▸ **Dataset content**
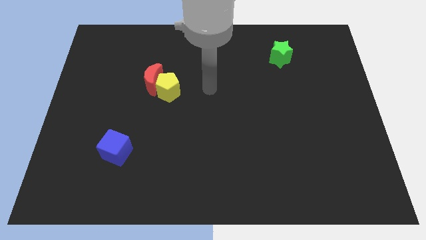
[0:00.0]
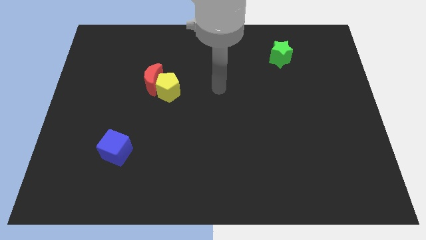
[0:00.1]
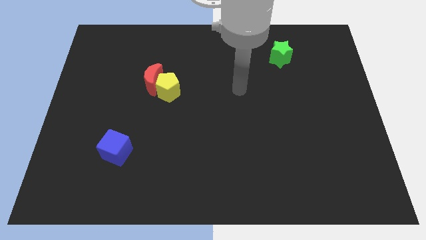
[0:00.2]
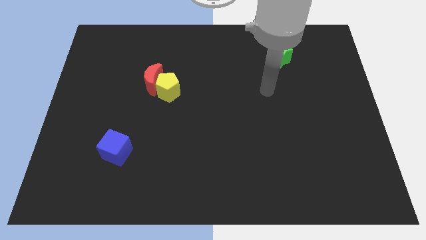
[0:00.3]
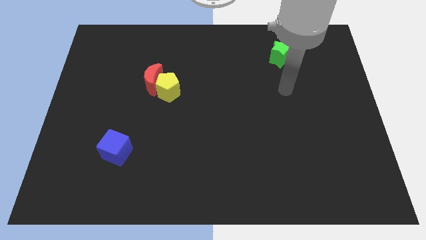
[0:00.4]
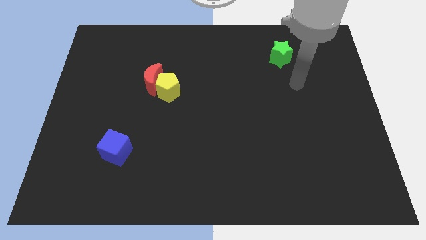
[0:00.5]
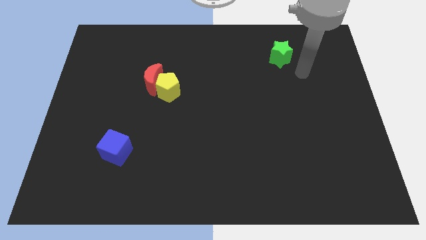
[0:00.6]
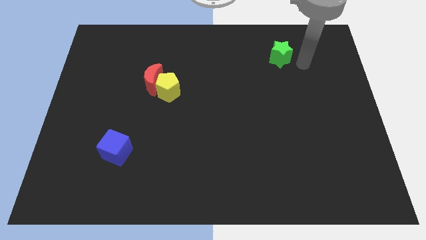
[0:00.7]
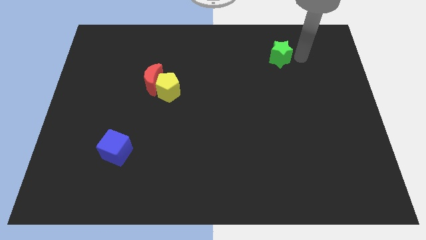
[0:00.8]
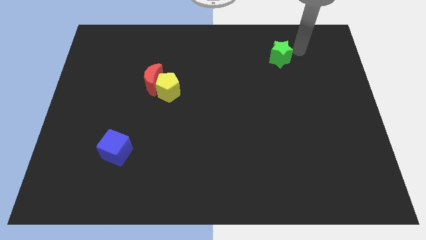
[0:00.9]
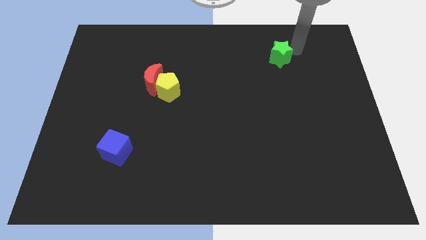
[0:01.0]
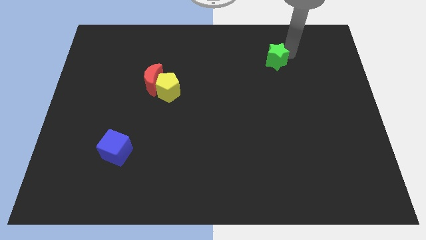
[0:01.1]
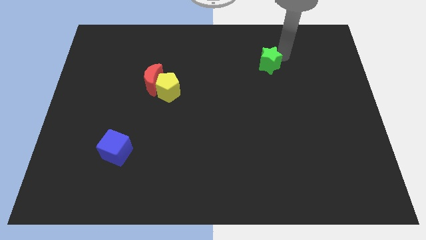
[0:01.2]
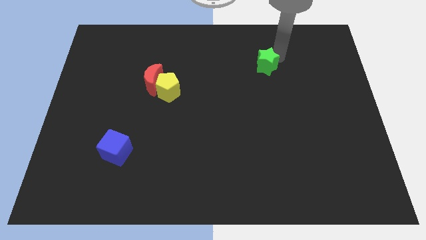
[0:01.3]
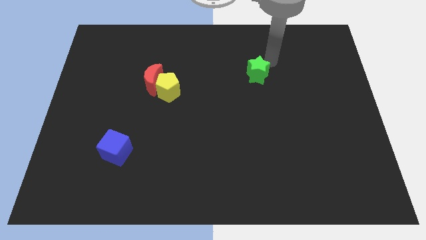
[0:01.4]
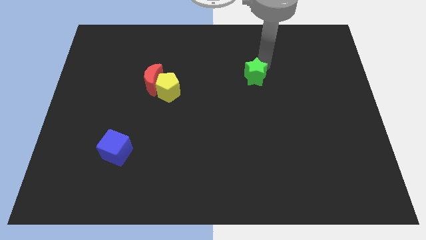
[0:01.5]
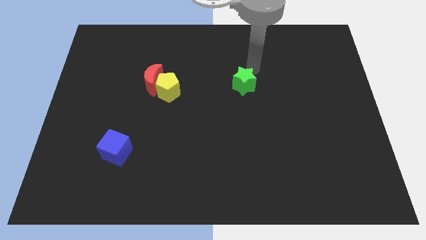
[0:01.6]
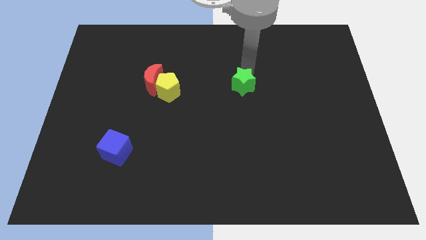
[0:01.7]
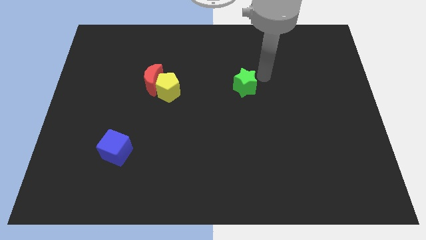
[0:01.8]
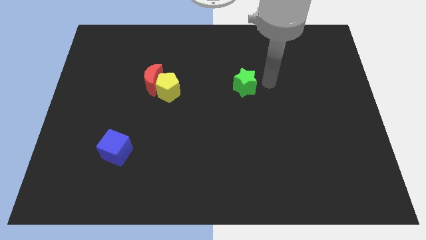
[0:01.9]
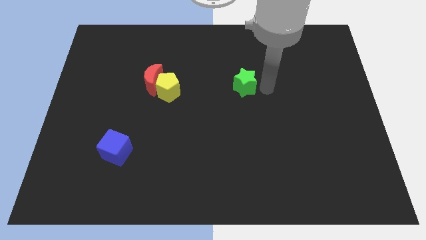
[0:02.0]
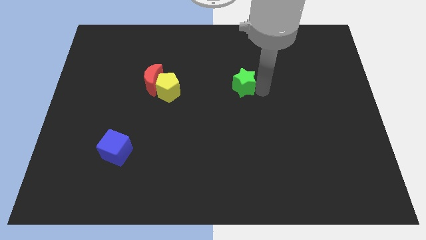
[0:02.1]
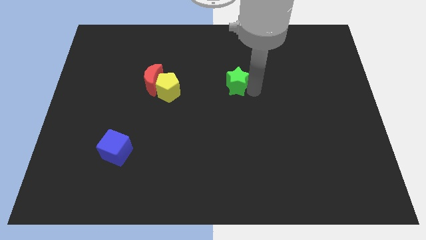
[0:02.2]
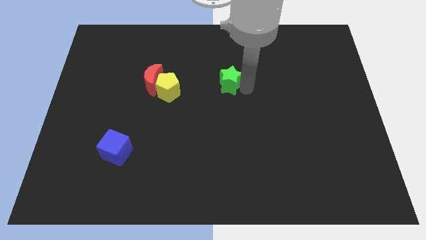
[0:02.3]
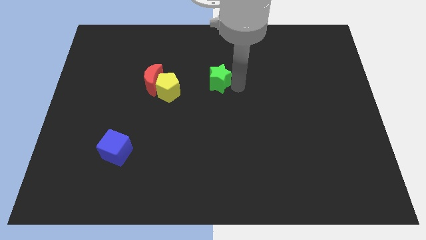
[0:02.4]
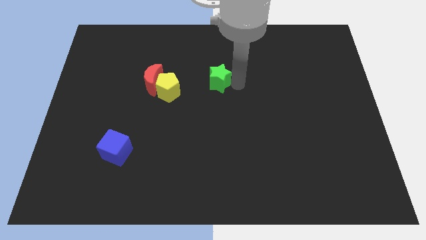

▸ **Goal of the exercise**
Retype the entries above word for word, minus any images.

▸ **Written answer**
[0:00.0]
[0:00.1]
[0:00.2]
[0:00.3]
[0:00.4]
[0:00.5]
[0:00.6]
[0:00.7]
[0:00.8]
[0:00.9]
[0:01.0]
[0:01.1]
[0:01.2]
[0:01.3]
[0:01.4]
[0:01.5]
[0:01.6]
[0:01.7]
[0:01.8]
[0:01.9]
[0:02.0]
[0:02.1]
[0:02.2]
[0:02.3]
[0:02.4]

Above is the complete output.